One of Dr. Geek’s favorite beakers is exactly like the shape obtained by revolving the graph of

$y=2{\left(\frac{\ln x}{x}\right)}^{1/2}$

from $x=1 \mathrm{to} x=10$ around the x-axis, as shown in the figure and  measured in inches.

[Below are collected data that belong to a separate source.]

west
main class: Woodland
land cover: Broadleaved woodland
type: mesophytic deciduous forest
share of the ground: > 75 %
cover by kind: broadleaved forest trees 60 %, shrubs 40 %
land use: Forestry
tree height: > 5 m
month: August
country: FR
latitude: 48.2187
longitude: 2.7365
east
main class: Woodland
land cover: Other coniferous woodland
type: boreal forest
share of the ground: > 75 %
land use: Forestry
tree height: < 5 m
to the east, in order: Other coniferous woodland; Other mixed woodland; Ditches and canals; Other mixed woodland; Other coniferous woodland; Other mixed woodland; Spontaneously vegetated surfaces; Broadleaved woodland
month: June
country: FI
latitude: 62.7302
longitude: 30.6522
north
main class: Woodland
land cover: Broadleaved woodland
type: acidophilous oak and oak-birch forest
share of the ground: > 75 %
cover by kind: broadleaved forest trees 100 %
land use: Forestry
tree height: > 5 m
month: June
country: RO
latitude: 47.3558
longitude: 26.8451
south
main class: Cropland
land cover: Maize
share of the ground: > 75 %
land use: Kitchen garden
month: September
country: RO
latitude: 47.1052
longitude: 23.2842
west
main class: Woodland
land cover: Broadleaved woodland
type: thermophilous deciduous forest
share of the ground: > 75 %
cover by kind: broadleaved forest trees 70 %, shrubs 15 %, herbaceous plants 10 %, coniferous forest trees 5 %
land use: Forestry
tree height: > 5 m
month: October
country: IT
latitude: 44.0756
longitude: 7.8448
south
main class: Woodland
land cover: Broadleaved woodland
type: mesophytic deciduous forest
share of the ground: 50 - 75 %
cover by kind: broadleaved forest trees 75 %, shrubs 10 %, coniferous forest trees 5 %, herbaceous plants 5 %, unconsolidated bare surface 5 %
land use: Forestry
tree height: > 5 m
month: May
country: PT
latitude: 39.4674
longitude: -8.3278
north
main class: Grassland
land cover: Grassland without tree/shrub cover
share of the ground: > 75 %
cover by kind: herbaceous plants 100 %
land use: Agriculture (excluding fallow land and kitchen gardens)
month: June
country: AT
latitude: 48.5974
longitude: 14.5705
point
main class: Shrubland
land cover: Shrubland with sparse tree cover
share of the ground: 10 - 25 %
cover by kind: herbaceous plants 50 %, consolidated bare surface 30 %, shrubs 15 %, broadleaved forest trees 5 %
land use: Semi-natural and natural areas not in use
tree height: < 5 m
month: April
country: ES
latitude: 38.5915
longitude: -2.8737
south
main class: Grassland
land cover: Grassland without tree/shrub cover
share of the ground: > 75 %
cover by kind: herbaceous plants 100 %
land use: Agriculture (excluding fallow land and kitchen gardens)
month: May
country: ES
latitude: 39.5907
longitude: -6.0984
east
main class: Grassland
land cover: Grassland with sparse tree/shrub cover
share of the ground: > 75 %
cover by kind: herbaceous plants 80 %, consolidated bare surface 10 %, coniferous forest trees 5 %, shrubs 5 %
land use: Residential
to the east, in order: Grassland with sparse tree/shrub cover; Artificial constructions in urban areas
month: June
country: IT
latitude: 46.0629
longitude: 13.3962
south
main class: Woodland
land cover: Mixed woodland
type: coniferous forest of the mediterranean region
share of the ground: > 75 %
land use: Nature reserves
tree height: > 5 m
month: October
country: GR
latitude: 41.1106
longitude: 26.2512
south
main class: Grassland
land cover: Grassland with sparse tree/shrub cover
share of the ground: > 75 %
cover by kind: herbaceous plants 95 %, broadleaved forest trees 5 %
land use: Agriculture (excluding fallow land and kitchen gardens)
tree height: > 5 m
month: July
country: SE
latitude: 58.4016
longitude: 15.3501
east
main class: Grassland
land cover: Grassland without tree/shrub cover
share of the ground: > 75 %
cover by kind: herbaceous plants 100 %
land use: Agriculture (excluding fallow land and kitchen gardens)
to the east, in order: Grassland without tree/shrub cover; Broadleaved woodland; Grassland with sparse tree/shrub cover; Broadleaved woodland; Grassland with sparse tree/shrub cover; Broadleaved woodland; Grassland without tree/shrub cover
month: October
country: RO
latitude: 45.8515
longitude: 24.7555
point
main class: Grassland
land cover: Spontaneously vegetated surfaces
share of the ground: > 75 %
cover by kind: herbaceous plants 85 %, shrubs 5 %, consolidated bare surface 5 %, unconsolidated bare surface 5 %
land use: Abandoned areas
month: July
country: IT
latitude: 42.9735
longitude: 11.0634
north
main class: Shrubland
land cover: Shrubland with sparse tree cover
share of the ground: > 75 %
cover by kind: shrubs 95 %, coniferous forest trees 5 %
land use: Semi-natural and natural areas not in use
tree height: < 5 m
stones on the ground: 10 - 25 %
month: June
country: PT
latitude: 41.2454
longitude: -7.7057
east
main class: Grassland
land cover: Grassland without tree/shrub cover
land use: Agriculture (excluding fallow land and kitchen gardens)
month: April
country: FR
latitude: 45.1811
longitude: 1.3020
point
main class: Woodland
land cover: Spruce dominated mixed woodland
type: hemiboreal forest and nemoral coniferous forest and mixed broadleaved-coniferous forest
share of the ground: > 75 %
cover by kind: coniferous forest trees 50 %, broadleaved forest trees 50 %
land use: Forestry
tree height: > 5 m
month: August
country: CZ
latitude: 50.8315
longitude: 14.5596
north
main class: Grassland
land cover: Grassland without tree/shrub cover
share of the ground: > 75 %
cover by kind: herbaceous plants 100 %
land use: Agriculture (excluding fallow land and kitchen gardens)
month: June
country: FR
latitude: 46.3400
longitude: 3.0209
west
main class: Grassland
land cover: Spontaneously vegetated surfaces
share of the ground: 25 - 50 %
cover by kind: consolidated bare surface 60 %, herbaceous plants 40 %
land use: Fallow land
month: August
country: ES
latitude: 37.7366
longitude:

Given that the volume of the shape obtained by revolving f around the x-axis on [a, b] can be calculated with the formula $\pi {\int }_a^b(f{\left(x\right))}^{2}dx$, about how much liquid can the beaker hold?

As we know 

$$\begin{gathered} y=f\left(x\right) \\ f\left(x\right)=2{\left(\frac{\ln x}{x}\right)}^{1/2} \end{gathered}$$

$$\begin{gathered} \pi {\int }_a^b(f{\left(x\right))}^{2}dx=\pi {\int }_1^{10}{\left[2{\left(\frac{\ln x}{x}\right)}^{1/2}\right]}^{2}dx \\ \pi {\int }_a^b(f{\left(x\right))}^{2}dx=\pi {\int }_1^{10}4\left(\frac{\ln x}{x}\right)dx \\ \pi {\int }_a^b(f{\left(x\right))}^{2}dx=4\pi {\int }_1^{10}\left(\frac{\ln x}{x}\right)dx \end{gathered}$$

Let

$$\begin{gathered} u=\ln x \\ \frac{du}{dx}=\frac{1}{x} \\ du=\frac{1}{x}dx \end{gathered}$$

$$\begin{gathered} \pi {\int }_a^b(f{\left(x\right))}^{2}dx=4\pi {\int }_1^{10}udu \\ \pi {\int }_a^b(f{\left(x\right))}^{2}dx=4\pi {\left[\frac{u^{1+1}}{1+1}\right]}_1^{10} \\ \pi {\int }_a^b(f{\left(x\right))}^{2}dx=4\pi {\left[\frac{u^2}{2}\right]}_1^{10} \\ \pi {\int }_a^b(f{\left(x\right))}^{2}dx=4\pi ·\frac{1}{2}{\left[{\left(\ln x\right)}^2\right]}_1^{10} \\ \pi {\int }_a^b(f{\left(x\right))}^{2}dx=2\pi {\left[{\left(\ln x\right)}^2\right]}_1^{10} \end{gathered}$$

$$\begin{gathered} \pi {\int }_a^b(f{\left(x\right))}^{2}dx=2\pi {\left[{\left(\ln x\right)}^2\right]}_1^{10} \\ \pi {\int }_a^b(f{\left(x\right))}^{2}dx=2\times 3.14\left[{\left(\ln 10\right)}^2-{\left(\ln 1\right)}^2\right] \\ \pi {\int }_a^b(f{\left(x\right))}^{2}dx=6.28\left[{(2.30)}^2-0\right] \\ \pi {\int }_a^b(f{\left(x\right))}^{2}dx=6.28\times 5.29 \\ \pi {\int }_a^b(f{\left(x\right))}^{2}dx=33.22 \end{gathered}$$